U.S. Postal Service
victim of hacking attack
WASHINGTON (AP) — The U.S. Postal Service said Monday it is the victim of a cyberattack and that information about its employees, including Social Security numbers, may have been compromised.
The FBI and other federal agencies are investigating, the agency said in a statement.
Postal Service spokesman David Partenheimer said the personal information that may have been obtained in the attack includes employees’ names, dates of birth, Social Security numbers, addresses, emergency contacts and other information.
However, he also said that customers at local post offices or those using its website, usps.com, were not affected. But people who used its call center may have had telephone numbers, email addresses and other information compromised. He said that the attacks happened in mid-September. Just when the breach occurred is under investigation, he said.
The agency isn’t recommending that those customers take any action. The Postal Service employs over 800,000 workers.
VA chief vows renewed customer service focus
WASHINGTON (AP) — On the eve of Veterans Day, the Veterans Affairs Department announced a reorganization Monday designed to make it easier for veterans to gain access to the sprawling department and its maze-like websites.
VA Secretary Robert McDonald called the restructuring the largest in the department’s history and said it will bring a singular focus on customer service to an agency that serves 22 million veterans.
“As VA moves forward, we will judge the success of all our efforts against a single metric: the outcomes we provide for veterans,” McDonald said. The VA’s mission is to care for veterans, “so we must become more focused on veterans’ needs,” he said.

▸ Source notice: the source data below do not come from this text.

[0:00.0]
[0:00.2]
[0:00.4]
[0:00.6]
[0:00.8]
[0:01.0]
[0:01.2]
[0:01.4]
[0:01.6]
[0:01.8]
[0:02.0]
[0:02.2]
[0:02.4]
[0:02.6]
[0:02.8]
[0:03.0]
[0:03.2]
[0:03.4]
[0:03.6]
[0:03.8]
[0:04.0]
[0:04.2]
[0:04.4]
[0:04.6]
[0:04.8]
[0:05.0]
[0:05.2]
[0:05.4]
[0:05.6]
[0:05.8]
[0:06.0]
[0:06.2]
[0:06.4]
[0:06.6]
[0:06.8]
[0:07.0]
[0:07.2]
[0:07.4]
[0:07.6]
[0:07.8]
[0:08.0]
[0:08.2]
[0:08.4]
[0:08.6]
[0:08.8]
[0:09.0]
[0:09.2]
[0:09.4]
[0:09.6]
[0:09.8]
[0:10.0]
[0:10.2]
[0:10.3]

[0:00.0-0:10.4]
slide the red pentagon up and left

The VA has been under intense scrutiny since a whistleblower reported this spring that dozens of veterans may have died while awaiting treatment at the Phoenix VA hospital, and that appointment records were manipulated to hide the delays.
Obama calls for more
strict web regulation
WASHINGTON (AP) — President Barack Obama on Monday embraced a radical change in how the government treats Internet service, coming down on the side of consumer activists who fear slower download speeds and higher costs but angering Republicans and the nation’s cable giants who say the plan would kill jobs.

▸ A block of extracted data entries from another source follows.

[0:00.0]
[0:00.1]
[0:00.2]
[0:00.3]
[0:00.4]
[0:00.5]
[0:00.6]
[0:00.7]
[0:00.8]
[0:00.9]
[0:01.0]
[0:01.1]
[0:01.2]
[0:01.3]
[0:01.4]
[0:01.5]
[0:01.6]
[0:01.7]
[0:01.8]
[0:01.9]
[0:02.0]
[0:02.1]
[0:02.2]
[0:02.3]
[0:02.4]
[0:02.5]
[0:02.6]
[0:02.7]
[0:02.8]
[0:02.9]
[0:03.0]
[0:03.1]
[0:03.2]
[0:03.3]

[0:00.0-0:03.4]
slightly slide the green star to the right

Obama called on the Federal Communications Commission to more heavily regulate Internet providers and treat broadband much as it would any other public utility.
He said the FCC should explicitly prohibit Internet providers like Verizon and AT&T from charging data hogs like Netflix extra to move their content more quickly. The announcement sent cable stocks tumbling.
The FCC, an independent regulatory body led by political appointees, is nearing a decision on whether broadband providers should be allowed to cut deals with the content providers but is stumbling over the legal complexities.
“We are stunned the president would abandon the longstanding, bipartisan policy of lightly regulating the Internet and calling for extreme” regulation, said Michael Powell, president and CEO of the National Cable and Telecommunications Association.